* **Brief**
From the listing below, copy only the lines from the line that contains "Q: How is the paragraph aligned? A: Left-aligned." to the line that contains "The paragraph shown", counting those two lines as part of the copy.

-- Source material follows --

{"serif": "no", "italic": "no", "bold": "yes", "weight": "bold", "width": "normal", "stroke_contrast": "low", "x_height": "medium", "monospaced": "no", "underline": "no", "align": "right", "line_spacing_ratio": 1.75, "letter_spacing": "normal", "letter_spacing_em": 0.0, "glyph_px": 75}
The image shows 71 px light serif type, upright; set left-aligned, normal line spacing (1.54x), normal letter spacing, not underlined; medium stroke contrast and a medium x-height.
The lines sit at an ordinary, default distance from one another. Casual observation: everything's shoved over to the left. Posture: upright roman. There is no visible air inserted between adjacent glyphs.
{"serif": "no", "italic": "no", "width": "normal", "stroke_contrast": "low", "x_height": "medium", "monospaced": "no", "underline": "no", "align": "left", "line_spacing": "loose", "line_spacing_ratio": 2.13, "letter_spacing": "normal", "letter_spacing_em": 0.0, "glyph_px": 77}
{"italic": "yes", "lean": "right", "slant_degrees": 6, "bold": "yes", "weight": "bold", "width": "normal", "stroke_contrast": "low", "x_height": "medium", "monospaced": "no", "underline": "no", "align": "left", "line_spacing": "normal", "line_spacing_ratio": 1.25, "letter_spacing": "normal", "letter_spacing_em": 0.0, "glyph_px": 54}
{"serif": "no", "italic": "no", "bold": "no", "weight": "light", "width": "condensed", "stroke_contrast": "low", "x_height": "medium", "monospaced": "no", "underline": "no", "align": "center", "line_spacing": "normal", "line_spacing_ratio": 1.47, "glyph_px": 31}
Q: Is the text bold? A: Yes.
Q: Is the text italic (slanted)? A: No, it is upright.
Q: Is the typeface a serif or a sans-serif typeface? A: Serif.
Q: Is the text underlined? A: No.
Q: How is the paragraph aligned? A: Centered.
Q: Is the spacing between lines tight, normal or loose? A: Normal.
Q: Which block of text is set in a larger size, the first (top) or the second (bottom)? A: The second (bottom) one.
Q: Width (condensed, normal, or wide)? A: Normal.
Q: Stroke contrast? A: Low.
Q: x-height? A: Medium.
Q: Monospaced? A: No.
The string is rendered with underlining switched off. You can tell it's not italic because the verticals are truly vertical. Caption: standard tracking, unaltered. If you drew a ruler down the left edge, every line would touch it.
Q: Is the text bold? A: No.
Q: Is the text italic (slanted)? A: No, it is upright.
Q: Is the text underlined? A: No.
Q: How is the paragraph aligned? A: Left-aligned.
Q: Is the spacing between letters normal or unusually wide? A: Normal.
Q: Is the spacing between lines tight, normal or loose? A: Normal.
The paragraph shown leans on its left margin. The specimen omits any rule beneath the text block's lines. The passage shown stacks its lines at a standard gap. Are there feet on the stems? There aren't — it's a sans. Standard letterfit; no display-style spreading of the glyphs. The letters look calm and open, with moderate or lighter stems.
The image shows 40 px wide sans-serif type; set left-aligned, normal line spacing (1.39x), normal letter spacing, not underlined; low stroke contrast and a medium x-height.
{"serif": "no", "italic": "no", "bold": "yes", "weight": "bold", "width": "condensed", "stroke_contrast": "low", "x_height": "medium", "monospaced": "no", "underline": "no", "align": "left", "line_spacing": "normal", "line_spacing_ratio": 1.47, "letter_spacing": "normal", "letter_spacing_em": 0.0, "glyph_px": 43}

-- Source material concluded --

* **Exercise output**
Q: How is the paragraph aligned? A: Left-aligned.
Q: Is the spacing between letters normal or unusually wide? A: Normal.
Q: Is the spacing between lines tight, normal or loose? A: Normal.
The paragraph shown leans on its left margin. The specimen omits any rule beneath the text block's lines. The passage shown stacks its lines at a standard gap. Are there feet on the stems? There aren't — it's a sans. Standard letterfit; no display-style spreading of the glyphs. The letters look calm and open, with moderate or lighter stems.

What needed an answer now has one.